++++ Data supplied
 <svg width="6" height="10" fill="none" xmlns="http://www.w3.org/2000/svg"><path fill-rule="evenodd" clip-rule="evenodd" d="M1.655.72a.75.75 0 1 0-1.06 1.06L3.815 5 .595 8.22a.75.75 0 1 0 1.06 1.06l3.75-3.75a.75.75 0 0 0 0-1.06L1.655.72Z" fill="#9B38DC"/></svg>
++++++++
++++ Data supplied
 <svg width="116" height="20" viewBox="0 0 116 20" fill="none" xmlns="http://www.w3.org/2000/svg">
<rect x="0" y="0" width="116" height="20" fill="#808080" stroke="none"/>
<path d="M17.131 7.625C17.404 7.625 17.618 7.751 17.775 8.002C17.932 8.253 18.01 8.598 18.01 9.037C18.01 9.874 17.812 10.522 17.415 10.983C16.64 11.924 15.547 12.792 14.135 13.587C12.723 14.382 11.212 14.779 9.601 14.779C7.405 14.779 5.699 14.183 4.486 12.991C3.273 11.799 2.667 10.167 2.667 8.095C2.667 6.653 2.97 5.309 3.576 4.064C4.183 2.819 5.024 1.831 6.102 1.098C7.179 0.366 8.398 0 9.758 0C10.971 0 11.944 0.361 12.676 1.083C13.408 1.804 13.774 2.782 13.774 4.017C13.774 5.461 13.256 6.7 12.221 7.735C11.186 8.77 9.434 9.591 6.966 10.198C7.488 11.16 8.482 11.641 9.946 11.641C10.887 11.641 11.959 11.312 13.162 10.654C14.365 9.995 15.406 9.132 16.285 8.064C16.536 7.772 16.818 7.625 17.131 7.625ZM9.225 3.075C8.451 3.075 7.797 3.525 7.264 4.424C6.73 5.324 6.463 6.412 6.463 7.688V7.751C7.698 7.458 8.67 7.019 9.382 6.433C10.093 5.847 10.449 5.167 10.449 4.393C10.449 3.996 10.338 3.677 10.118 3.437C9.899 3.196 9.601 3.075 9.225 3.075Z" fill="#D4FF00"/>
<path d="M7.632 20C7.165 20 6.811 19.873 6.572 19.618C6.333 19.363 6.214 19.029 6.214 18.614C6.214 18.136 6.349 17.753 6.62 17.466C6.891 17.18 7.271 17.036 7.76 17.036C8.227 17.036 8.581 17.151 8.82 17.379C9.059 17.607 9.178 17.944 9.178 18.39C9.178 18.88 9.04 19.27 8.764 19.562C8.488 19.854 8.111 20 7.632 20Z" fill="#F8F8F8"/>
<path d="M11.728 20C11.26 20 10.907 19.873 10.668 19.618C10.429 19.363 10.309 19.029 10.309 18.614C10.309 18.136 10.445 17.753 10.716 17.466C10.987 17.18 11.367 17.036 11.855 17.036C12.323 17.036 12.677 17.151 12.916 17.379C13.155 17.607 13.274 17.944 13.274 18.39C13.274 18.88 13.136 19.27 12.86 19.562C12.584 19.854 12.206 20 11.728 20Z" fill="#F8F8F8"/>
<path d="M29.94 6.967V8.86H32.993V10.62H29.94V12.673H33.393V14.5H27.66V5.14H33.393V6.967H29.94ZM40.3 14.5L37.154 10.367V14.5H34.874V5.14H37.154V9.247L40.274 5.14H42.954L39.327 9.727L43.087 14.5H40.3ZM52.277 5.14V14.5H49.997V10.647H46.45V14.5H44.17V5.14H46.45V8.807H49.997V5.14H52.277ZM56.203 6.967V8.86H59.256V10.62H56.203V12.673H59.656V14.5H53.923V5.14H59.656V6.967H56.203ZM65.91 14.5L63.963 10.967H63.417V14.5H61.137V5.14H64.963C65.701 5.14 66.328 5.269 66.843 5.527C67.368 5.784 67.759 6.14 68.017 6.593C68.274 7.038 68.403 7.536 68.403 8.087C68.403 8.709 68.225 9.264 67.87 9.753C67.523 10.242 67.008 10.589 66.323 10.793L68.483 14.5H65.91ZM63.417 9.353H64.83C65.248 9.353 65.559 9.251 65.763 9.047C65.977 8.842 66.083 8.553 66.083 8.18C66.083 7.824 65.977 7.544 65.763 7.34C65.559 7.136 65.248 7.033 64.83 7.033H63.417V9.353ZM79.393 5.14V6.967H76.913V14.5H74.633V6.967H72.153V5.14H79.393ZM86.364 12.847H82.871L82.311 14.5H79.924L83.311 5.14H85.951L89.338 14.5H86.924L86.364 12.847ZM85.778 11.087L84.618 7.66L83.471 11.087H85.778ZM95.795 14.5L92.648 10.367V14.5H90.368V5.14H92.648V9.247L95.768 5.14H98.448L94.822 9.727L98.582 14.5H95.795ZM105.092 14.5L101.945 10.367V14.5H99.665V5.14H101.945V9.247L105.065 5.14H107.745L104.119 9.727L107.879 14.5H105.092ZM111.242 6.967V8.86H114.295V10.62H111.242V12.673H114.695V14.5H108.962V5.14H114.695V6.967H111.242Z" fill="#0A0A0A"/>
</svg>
++++++++
++++ Data supplied
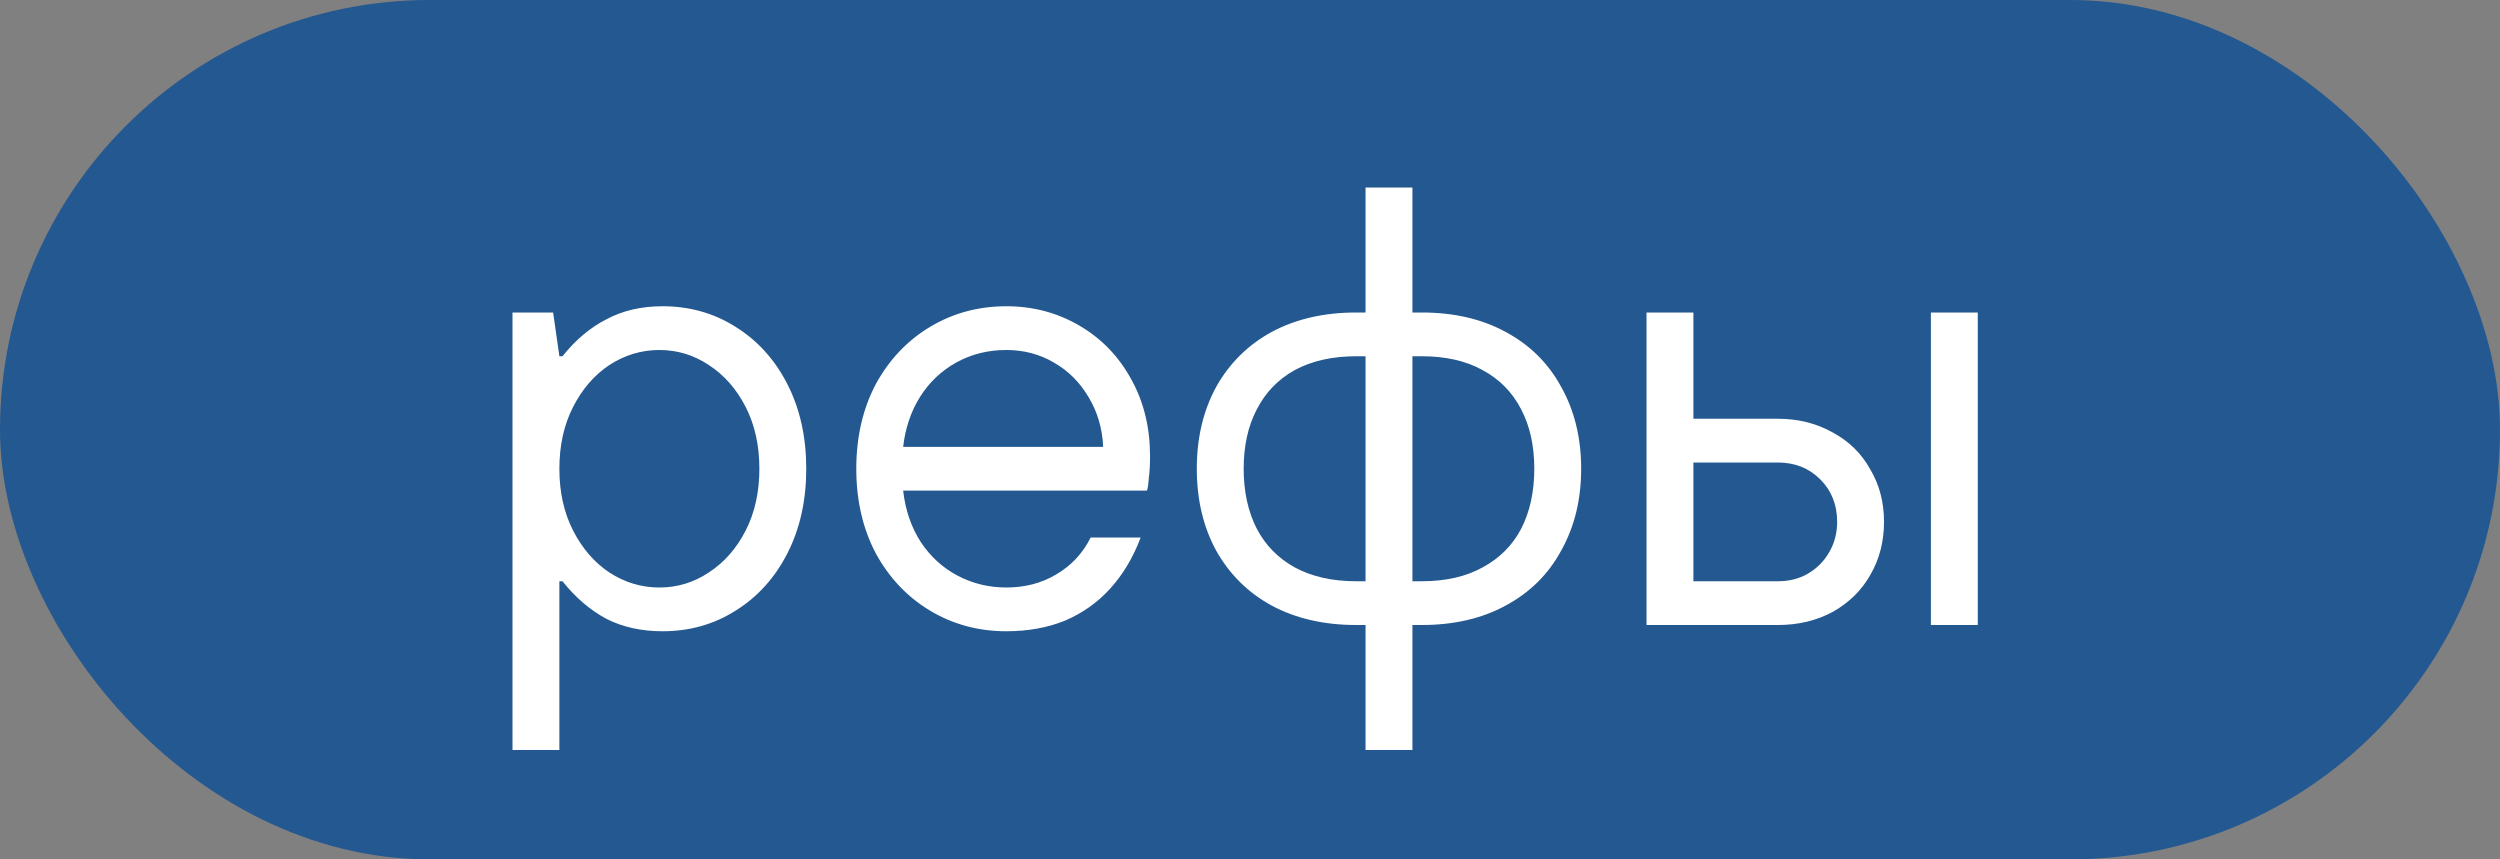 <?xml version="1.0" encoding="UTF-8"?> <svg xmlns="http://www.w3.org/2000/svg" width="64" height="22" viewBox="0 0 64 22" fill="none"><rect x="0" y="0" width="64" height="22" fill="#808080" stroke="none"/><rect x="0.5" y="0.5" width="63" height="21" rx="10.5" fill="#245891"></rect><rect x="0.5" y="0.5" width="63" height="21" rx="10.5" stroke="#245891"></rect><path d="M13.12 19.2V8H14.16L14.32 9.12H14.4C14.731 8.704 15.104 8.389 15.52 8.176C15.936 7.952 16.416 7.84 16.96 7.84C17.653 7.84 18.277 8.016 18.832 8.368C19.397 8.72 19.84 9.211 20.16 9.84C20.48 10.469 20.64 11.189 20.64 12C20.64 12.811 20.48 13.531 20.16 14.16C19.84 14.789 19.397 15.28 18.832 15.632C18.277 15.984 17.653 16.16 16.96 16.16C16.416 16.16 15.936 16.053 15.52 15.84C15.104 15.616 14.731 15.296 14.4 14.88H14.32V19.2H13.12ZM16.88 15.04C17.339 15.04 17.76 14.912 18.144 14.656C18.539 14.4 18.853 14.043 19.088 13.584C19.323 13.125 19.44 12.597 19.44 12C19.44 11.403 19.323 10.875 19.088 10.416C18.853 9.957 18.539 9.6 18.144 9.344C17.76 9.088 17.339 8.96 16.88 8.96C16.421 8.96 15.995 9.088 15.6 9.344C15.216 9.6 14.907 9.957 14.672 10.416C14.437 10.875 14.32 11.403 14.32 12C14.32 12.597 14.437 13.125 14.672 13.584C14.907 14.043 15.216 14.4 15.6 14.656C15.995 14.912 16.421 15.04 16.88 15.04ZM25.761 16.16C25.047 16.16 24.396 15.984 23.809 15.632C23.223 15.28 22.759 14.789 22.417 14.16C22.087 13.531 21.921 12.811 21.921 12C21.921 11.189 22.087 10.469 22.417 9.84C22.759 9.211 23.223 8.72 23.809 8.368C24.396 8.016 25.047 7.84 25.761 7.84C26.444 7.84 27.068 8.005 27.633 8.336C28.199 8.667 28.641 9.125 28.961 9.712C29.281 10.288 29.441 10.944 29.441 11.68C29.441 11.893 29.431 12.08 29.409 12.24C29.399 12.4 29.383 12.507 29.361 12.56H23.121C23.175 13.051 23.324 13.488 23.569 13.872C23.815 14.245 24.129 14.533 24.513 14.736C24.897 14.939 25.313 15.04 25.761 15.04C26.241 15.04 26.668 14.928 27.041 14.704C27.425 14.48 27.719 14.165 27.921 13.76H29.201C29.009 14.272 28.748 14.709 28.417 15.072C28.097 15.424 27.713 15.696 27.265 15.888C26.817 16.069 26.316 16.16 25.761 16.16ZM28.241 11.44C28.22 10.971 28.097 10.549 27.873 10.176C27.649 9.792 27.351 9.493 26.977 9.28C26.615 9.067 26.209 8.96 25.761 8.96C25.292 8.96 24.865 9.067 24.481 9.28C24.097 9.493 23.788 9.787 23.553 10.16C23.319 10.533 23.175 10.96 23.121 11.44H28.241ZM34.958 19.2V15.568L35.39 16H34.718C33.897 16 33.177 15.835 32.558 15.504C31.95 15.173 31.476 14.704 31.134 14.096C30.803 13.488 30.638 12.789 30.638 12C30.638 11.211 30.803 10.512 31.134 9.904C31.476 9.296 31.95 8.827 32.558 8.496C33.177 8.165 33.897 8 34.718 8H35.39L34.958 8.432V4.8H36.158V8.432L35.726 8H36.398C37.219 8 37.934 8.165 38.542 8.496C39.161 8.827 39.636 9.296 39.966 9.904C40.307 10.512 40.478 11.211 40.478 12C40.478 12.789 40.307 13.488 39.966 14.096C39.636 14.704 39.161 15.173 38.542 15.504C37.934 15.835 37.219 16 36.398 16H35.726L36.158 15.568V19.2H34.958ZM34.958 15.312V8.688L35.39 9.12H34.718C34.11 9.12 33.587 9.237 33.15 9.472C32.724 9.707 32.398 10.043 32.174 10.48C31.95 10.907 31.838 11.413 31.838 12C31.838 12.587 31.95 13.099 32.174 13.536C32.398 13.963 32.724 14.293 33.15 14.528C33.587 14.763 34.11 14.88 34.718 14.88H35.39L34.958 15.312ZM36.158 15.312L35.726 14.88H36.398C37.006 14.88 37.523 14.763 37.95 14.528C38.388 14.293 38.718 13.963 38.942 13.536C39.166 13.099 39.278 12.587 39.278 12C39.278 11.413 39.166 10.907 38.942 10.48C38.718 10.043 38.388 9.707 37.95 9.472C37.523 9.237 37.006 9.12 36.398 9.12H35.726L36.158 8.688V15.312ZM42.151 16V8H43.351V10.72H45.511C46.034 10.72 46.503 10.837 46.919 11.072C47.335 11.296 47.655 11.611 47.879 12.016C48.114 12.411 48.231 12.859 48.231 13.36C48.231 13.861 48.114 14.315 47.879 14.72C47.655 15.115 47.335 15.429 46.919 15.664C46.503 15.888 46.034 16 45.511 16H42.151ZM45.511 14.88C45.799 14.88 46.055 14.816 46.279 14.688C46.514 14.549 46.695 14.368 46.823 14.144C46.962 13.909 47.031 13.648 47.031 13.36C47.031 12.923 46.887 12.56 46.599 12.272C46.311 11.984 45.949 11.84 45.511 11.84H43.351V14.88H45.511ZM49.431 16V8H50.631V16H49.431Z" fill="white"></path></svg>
++++++++
Task details: Could you restate, word for word, the lines above from the one with "7.625C17.404 7.625 17.618" to the one with "20C7.165 20 6.811", both included?

Response area:
<path d="M17.131 7.625C17.404 7.625 17.618 7.751 17.775 8.002C17.932 8.253 18.01 8.598 18.01 9.037C18.01 9.874 17.812 10.522 17.415 10.983C16.64 11.924 15.547 12.792 14.135 13.587C12.723 14.382 11.212 14.779 9.601 14.779C7.405 14.779 5.699 14.183 4.486 12.991C3.273 11.799 2.667 10.167 2.667 8.095C2.667 6.653 2.97 5.309 3.576 4.064C4.183 2.819 5.024 1.831 6.102 1.098C7.179 0.366 8.398 0 9.758 0C10.971 0 11.944 0.361 12.676 1.083C13.408 1.804 13.774 2.782 13.774 4.017C13.774 5.461 13.256 6.7 12.221 7.735C11.186 8.77 9.434 9.591 6.966 10.198C7.488 11.16 8.482 11.641 9.946 11.641C10.887 11.641 11.959 11.312 13.162 10.654C14.365 9.995 15.406 9.132 16.285 8.064C16.536 7.772 16.818 7.625 17.131 7.625ZM9.225 3.075C8.451 3.075 7.797 3.525 7.264 4.424C6.73 5.324 6.463 6.412 6.463 7.688V7.751C7.698 7.458 8.67 7.019 9.382 6.433C10.093 5.847 10.449 5.167 10.449 4.393C10.449 3.996 10.338 3.677 10.118 3.437C9.899 3.196 9.601 3.075 9.225 3.075Z" fill="#D4FF00"/>
<path d="M7.632 20C7.165 20 6.811 19.873 6.572 19.618C6.333 19.363 6.214 19.029 6.214 18.614C6.214 18.136 6.349 17.753 6.62 17.466C6.891 17.18 7.271 17.036 7.76 17.036C8.227 17.036 8.581 17.151 8.82 17.379C9.059 17.607 9.178 17.944 9.178 18.39C9.178 18.88 9.04 19.27 8.764 19.562C8.488 19.854 8.111 20 7.632 20Z" fill="#F8F8F8"/>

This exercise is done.